Monday, June 4, 2007

Out of touch

Well, I haven't posted in a while, so here is an update:

My body hurts. My legs are wrecked from tumbling. My arms and chest are sore from lifting weights. My neck is sore from endless exercises involving kip-ups. My abs are sore from the two hundred sit-ups we did this morning. All that aside, my Shifu said that my newest form was almost good. If I can get it all the way to good by tomorrow, next week he will teach me Shaolin Staff. Special bonus: First staff gotten from the academy, free. If i can learn the staff quickly, maybe I can move on to Eagle Claw and Sword. I am going to try to make up a drunken form and maybe me and Kevin (USA) and Bret (ENG) will make up a three person drunken fight. In Sanda, the Chinese kickboxing group, we have started to prepare for the upcoming match with Korea. Unfortunately I will not be there for it, I will already be back in the states with my fiancee and family. Every month we all get together and perform our forms and have sparring matches in the big training hall. When I post this, hopefully, there will be some pictures that I have taken with my new digital camera on the site so you can all get an idea of the place I am staying.

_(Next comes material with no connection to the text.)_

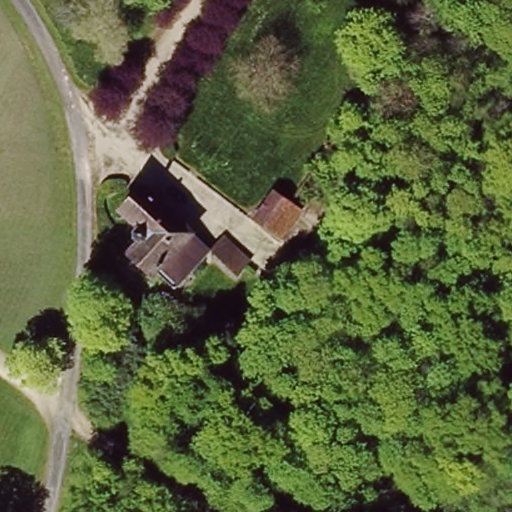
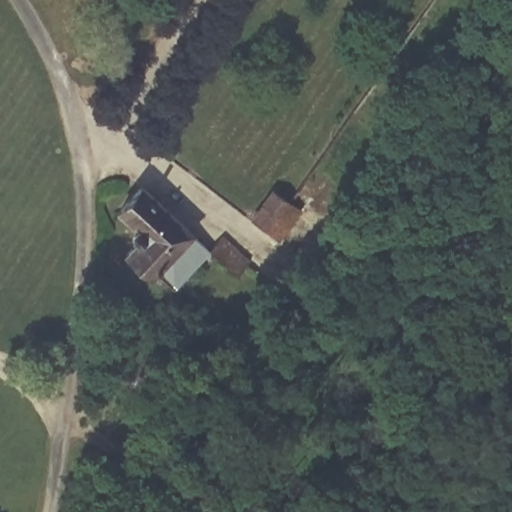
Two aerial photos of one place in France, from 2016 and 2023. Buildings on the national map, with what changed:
unchanged [(256,257),(240,276),(213,252),(183,287),(163,268),(154,279),(125,253),(145,232),(120,210),(146,180),(216,242),(227,230),(256,257)]
unchanged [(287,237),(252,216),(271,185),(306,206),(287,237)]

I wrote that last bit a while ago, so here is what has happened since then:

My legs were so torn up from wearing 4.4 lb. weights for three full days of training that I had to take to days off. I learned the Shaolin staff form in four days and will perform it and the "small flood fist form" at the next test in ten days. I was able to rest during my to days and log all the video I have taken so far; seven hours, and write a little bit. Because of the rest I had the energy to make these new posts. All my best to all of you.

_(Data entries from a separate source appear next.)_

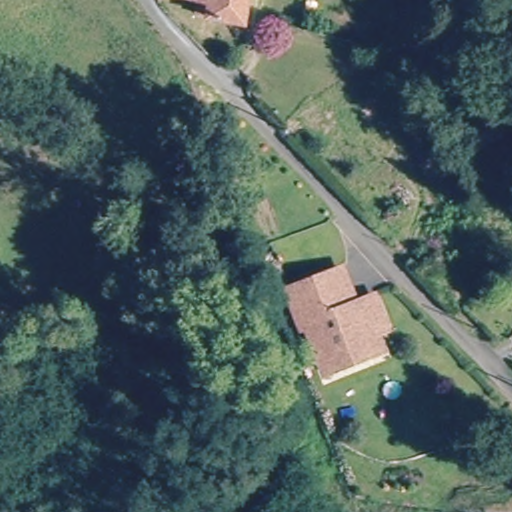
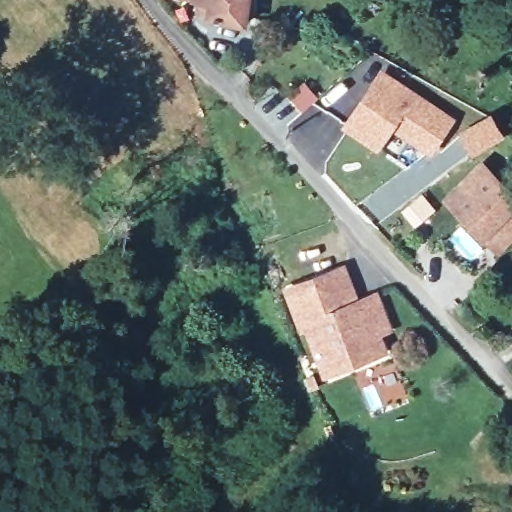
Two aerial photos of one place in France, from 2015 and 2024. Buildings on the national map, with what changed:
unchanged [(192,7),(193,0),(245,0),(244,16),(192,7)]
new [(457,119),(432,157),(395,130),(379,153),(342,128),(382,68),(457,119)]
new [(506,135),(474,154),(461,131),(492,113),(506,135)]
demolished [(461,138),(483,118),(497,133),(473,153),(461,138)]
new [(512,189),(512,240),(497,255),(482,239),(442,197),(482,159),(512,189)]
unchanged [(320,362),(305,323),(298,325),(285,290),(322,274),(341,266),(356,304),(372,297),(383,327),(374,330),(381,346),(343,362),(323,371),(320,362)]

I am back today and doing just fine, all healed and I actually set a new pace for myself running today. Check me out.

Academy Politics

The academy works as follows:
Headmaster Che Wen Long, one of the richest men in Jilin, a millionaire even by American standards, shows up to pick up money and sometimes to accompany friends, possibly investors, and treat them to banquets and Shaolin performances. He is the final word on all matters not settled by his underlings. Next in line is the Vice Headmaster Che Wen Bin. He takes care of the running of the school, as is tradition in China number two is the one who does the work. He walks around during the day, following and observing different groups as they train. He sometimes calls for tests for the hole academy every few weeks. We all go run the stairs one at a time and get timed, we do the 4-5 miles village run for time, the whole academy runs down the T, along the beach, and then up the stairs for approximate times. Approximate is the best they can do with one digital watch and forty or fifty students being tested. Next are the Shifus who deal with their own students issues. Ultimately the responsibility for the students falls to the Shifus. If a Wushu group student gets drunk, it is the Wushu Zhang Shifu's problem. If a Baji student gets caught turning on the power after lights out, it is Lin Shifu's problem to deal with. If a student leaves a group, the shifu is penalized. If a student leaves the academy early the shifu is blamed and it causes trouble. Then come the translators. If a student has an issue, the translators are the first line of defense for the academy. Some of the translators are better than others at seeming to be on the side of the students but, in actuality, they are completely controlled by the Ches. If they go too far out on a limb for the students they may find themselves fired that day. In the past two years, two of the best, most experienced, shifus have been fired and for dubious reasons. Since I have been here, the gatekeeper and the Chinese kid's shifu have been fired.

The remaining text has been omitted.